(What Did I Just Watch is a regular feature in every issue where we review movies that astound and confound us.)
I don’t think your punks need help from the outside to kill themselves.
And so a weird quote nestles inside the weirder film Liquid Sky (1982) made at the beginning of the weirdest decade which, in a stranger than fiction twist culminated in New York’s club kid murder. The movie is a semi-cautionary tale of androgynous models and performers who dance, take drugs, have sex, and then are killed by an alien living inside a craft the size of a dinner plate.
I’d love to have been at the pitch meeting. Co-writer and lead actress (and actor if you count her dual role as Jimmy, “the most beautiful boy in the world”) turns to co-writer and director Slava Tsukerman.
“Let’s make a movie with a continuous and relentless soundtrack made on one of those irritating kid’s pianos.” Slava nods, and jots down some notes. “Let’s fill it with stilted and random dialogue which we’ll say is cool and avant garde, and hire a bunch of actors who sound like the auto-cue is stuck.”

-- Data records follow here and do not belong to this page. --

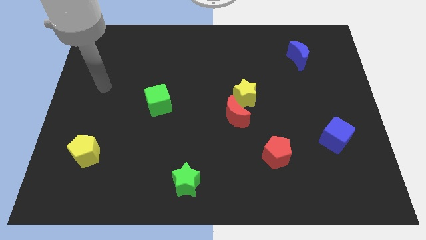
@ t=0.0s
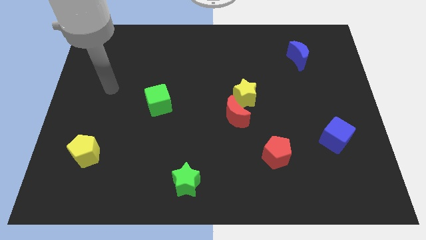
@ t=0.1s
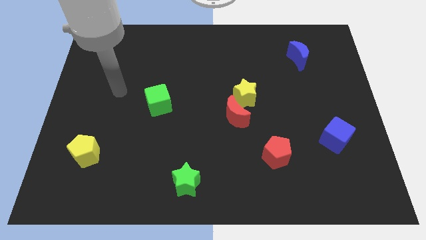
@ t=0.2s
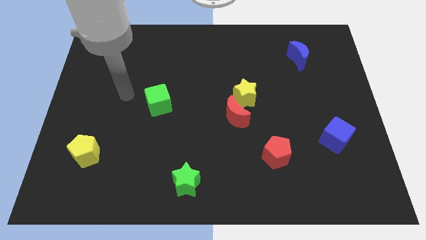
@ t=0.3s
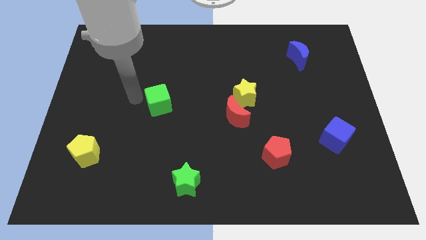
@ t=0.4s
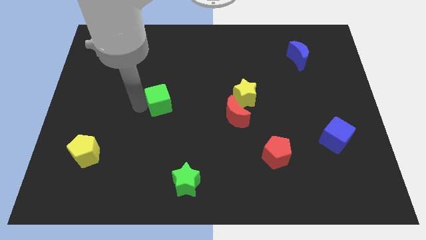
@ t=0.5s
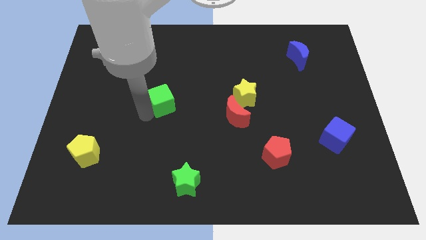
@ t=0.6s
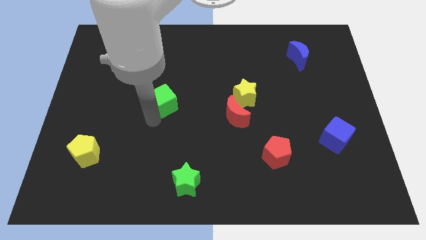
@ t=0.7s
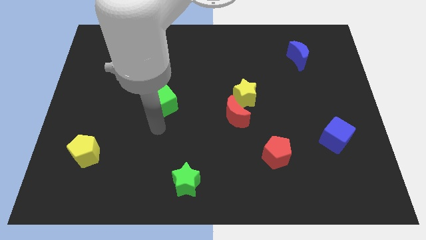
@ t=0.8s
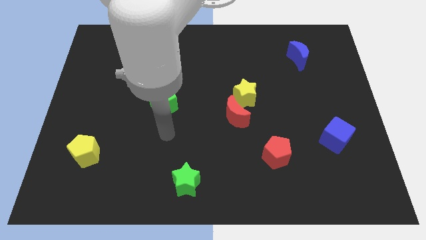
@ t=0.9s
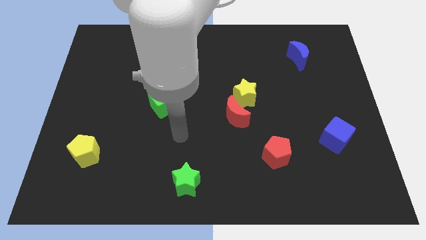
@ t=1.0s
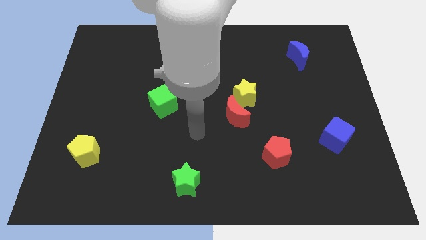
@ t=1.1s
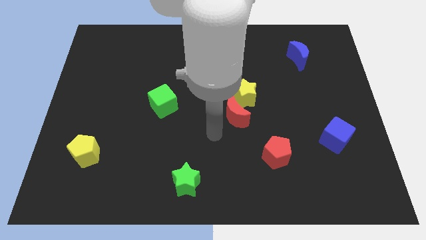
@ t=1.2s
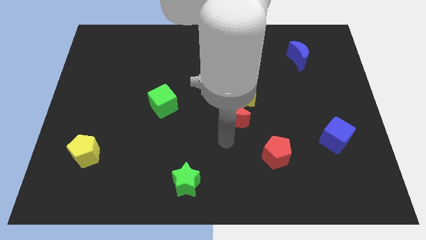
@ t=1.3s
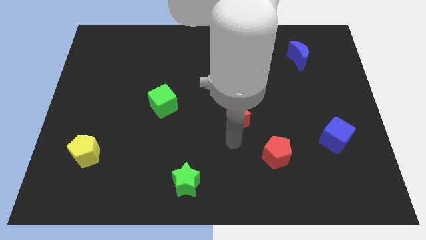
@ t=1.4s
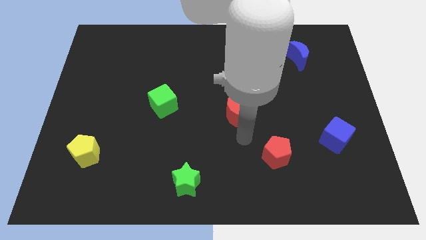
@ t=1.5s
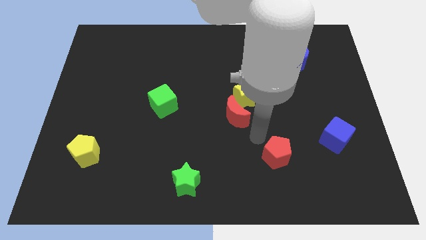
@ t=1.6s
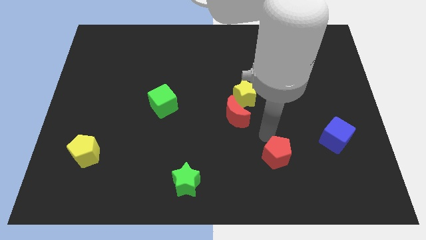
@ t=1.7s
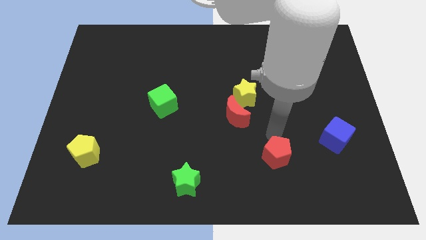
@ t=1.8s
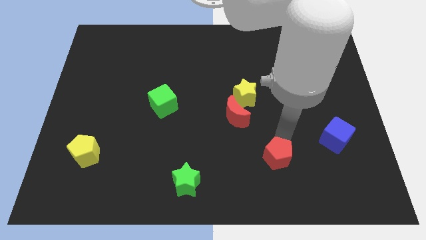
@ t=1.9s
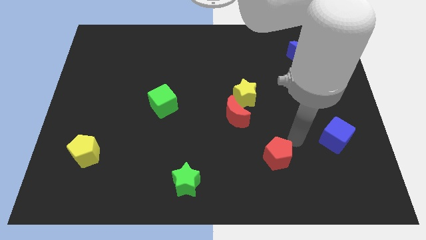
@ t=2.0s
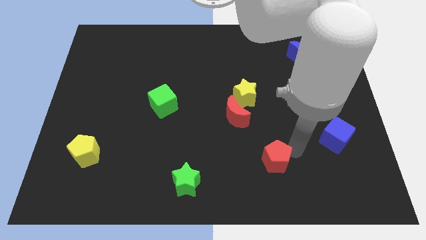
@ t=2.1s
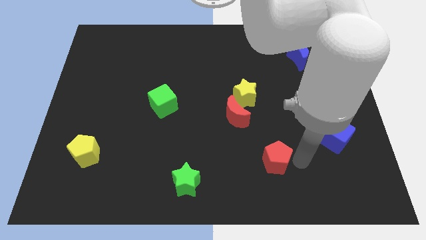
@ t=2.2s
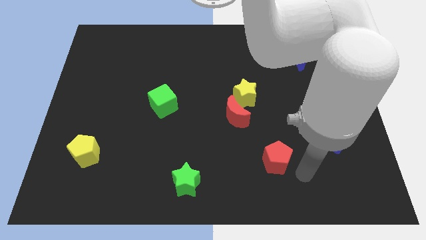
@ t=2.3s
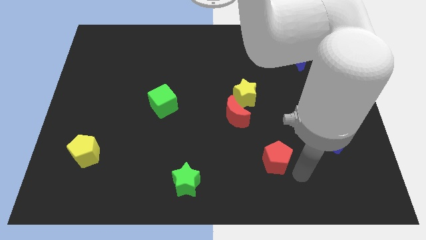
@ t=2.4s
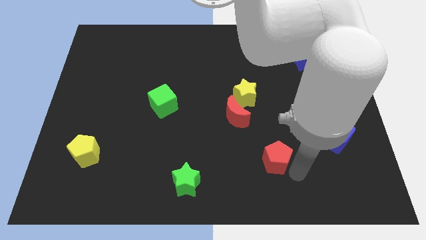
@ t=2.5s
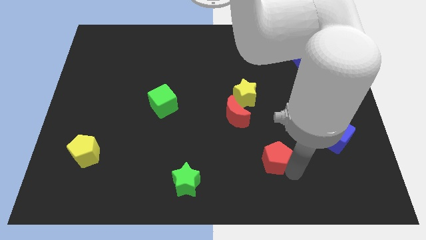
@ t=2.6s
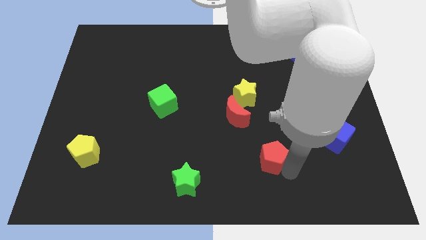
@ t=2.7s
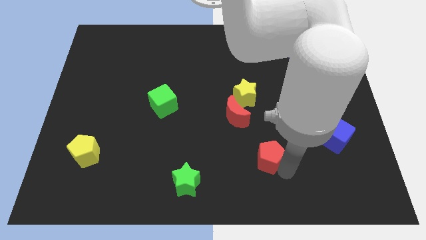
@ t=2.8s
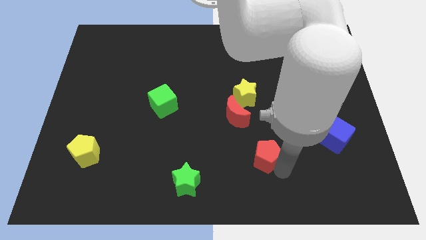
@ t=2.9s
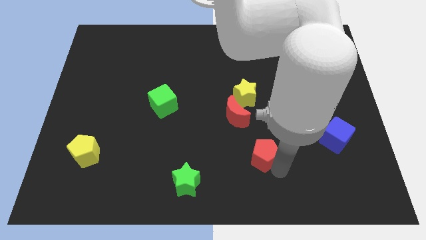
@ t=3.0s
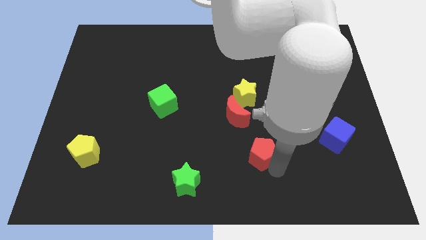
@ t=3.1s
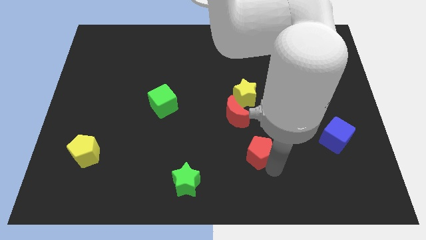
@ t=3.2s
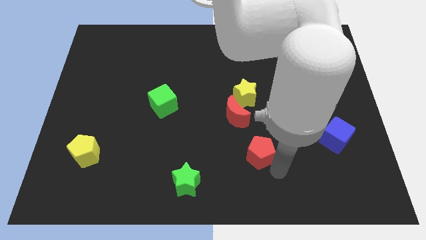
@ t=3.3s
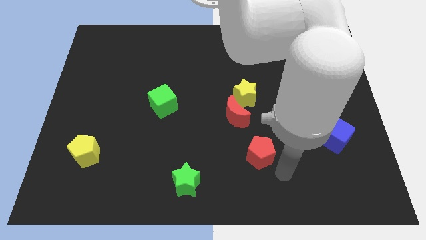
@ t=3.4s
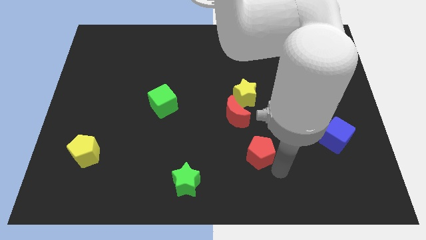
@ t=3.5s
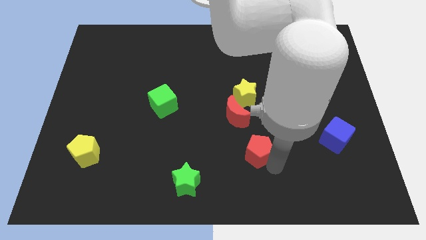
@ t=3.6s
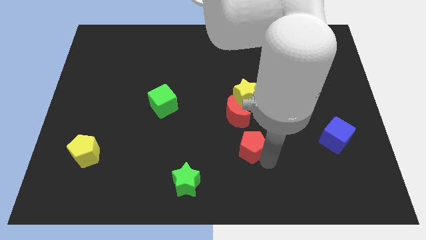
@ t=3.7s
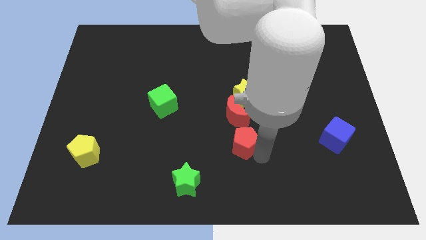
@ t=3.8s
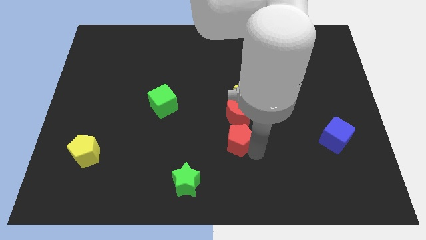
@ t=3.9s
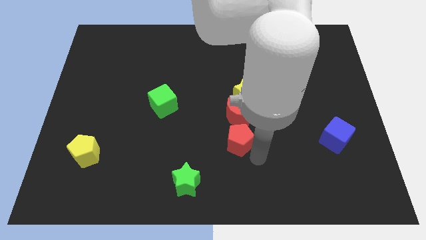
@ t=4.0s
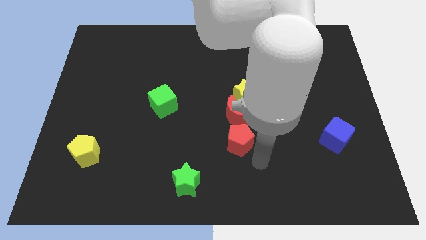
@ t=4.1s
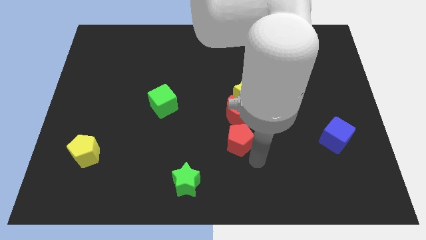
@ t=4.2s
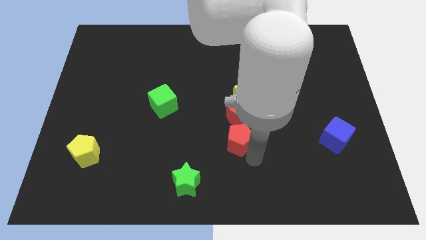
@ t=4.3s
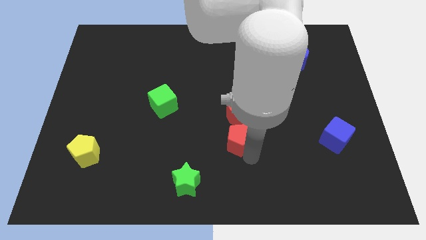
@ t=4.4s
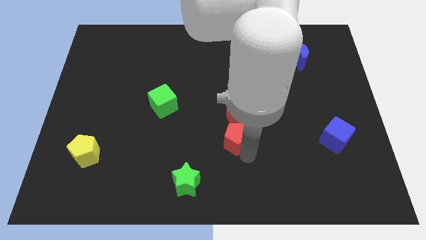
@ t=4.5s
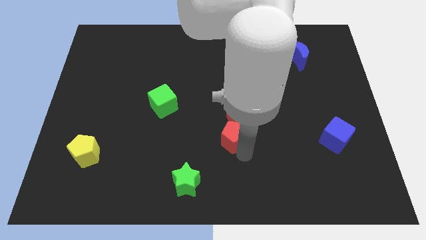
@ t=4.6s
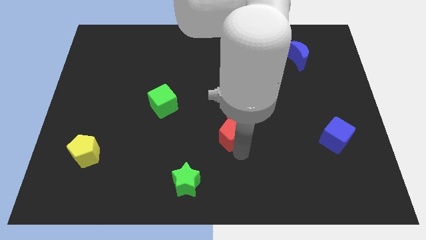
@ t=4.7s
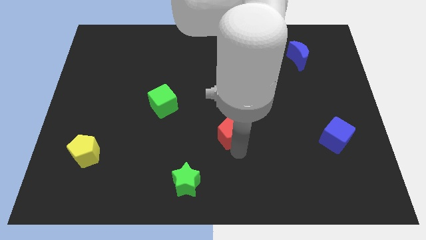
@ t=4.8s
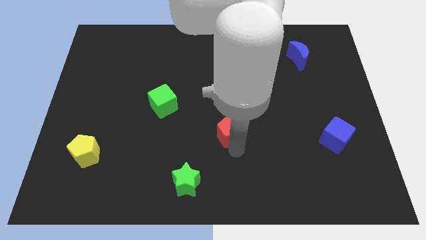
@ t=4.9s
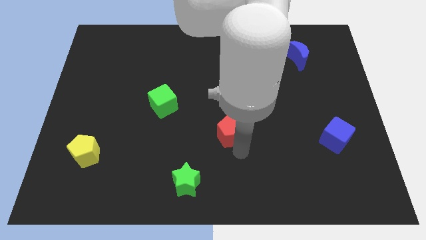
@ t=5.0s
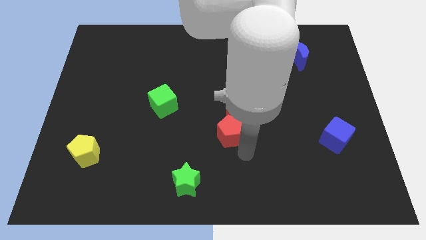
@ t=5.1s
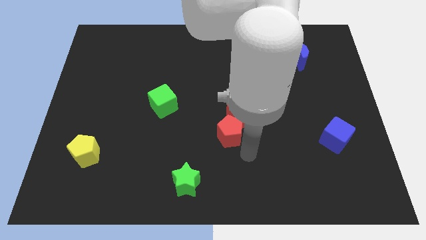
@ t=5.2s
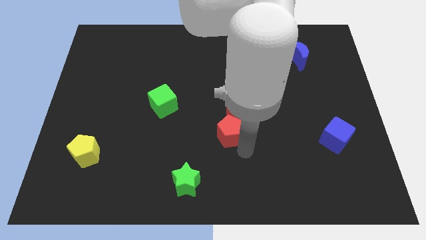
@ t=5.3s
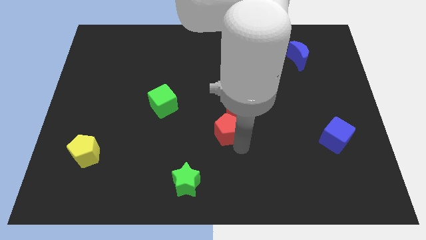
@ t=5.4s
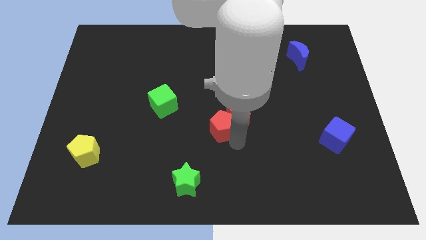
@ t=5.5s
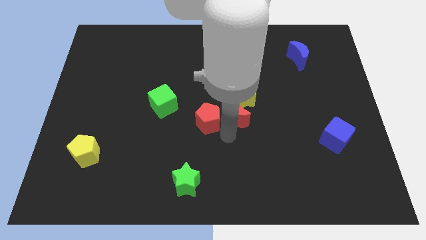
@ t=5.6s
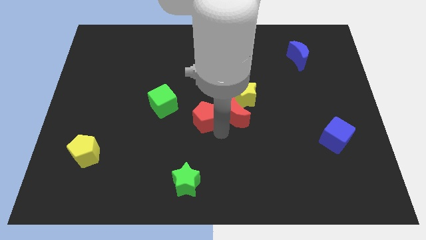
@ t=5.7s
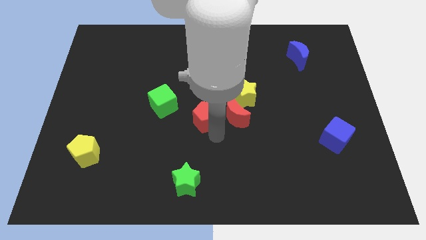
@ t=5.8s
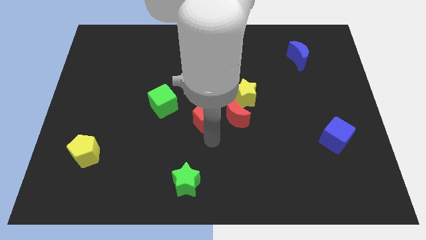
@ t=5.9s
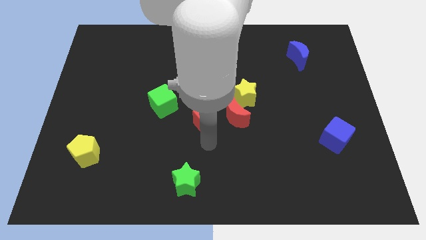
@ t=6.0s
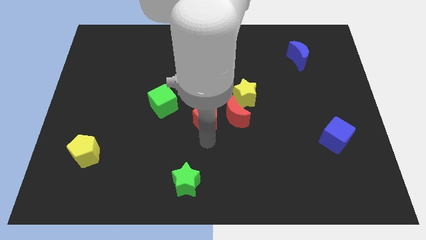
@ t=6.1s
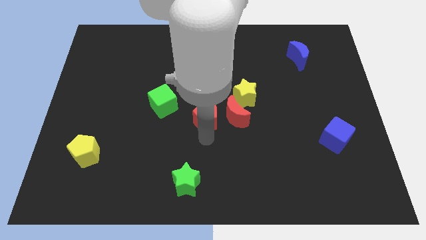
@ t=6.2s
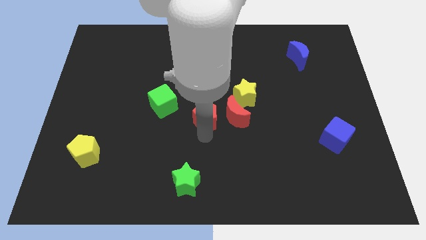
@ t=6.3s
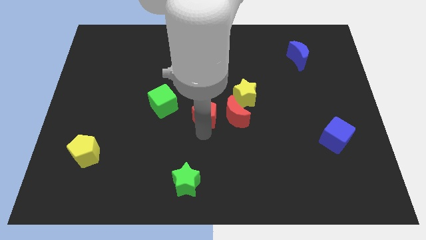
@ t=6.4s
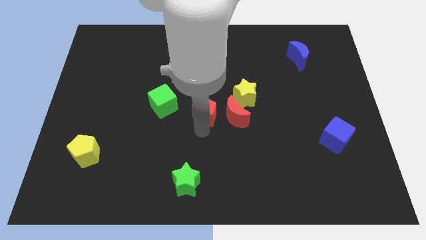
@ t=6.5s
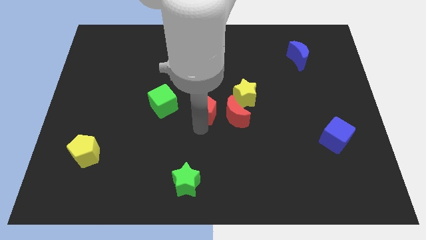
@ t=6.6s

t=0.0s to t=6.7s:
push the red pentagon to the left of the yellow star

Slava interjects. “It needs some scenes at The Club where everyone looks like they’re having a seizure, no?” Anne agrees. “And the hippie professor gets to die first because, you know, it’s the 80s now and peace and love is just stupid or whatever.”
And so it continues. A helpful Teutonic scientist – from West Berlin, he wanted to make that perfectly clear, people, because we’re in the middle of a Cold War – has a theory. Aliens who look like bad Amiga graphics, are addicted to the chemical that the human brain produces when high or, get this, in the middle of an orgasm. They like eat it or something.

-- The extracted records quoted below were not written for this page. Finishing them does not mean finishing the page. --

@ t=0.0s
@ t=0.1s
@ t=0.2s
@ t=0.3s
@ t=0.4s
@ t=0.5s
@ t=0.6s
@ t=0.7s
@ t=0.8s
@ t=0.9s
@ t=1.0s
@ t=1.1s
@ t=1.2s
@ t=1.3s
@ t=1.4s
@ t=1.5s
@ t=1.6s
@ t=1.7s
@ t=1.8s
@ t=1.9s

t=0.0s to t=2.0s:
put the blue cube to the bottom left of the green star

So a whole bunch of New York nihilists and narcissists who look like extras in a Steve Strange video are dropping dead all over the city post-coitus and then evaporating. Anne Carlisle’s anti-heroine Margaret, who spends the entire movie being assaulted, believes it’s the power of her, ahem, Lady Garden. The alien dinner plate on her roof glows from time to time. The soundtrack yelps and whines on. Lots of people take lots of drugs.
Where do these aliens come from? Why is the spacecraft so small? Why can no one act? It’s a shiny conundrum inside a glossy riddle in a slick enigma. Or, to give it its technical name – The Eighties.

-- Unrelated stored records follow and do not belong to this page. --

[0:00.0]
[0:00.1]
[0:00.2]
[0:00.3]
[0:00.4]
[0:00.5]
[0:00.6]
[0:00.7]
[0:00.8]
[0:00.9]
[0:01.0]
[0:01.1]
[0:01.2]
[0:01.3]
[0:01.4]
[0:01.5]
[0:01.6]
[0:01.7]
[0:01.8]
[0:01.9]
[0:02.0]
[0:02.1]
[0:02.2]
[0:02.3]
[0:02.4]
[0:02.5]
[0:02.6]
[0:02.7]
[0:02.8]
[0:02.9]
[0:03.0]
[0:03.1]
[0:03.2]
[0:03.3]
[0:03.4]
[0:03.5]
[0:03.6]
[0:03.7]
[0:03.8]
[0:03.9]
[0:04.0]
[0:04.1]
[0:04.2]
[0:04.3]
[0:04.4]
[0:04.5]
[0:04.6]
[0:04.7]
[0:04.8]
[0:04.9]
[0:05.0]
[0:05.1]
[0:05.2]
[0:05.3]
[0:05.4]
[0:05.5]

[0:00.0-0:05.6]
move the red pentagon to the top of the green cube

In the real world of New York’s clubland, party monster Michael Alig dominated underground culture at venues like the Limelight with all-night raves and drug-fuelled excesses. No costume was too bizarre, no drug too powerful, no sexual preference too weird. A legion of club kids went on to greater things: RuPaul, James St James, Keoki, Chloe Sevigny, Lisa Edelstein. Alig brained his drug dealer with a hammer, injected him with Drano, and kept the chopped up body parts in a box for a month – much like our movie heroes with the hippie professor. They left with the dinner plate aliens. Alig did 17 years at Rikers Island and other penitential facilities.
Inexplicably the film has such a massive cult following and high marks on the likes of Rotten Tomatoes and elsewhere that Tsukerman announced plans in 2014 for a sequel (coincidentally the same year that Michael Alig was released from prison). Liquid Sky won no less than five separate grand jury prizes at international movie festivals.
Clearly then, pretty much everyone was on drugs in the Eighties – and the tiny aliens on the roof just couldn’t cope with the workload and left them all alone to film and film again. Yay!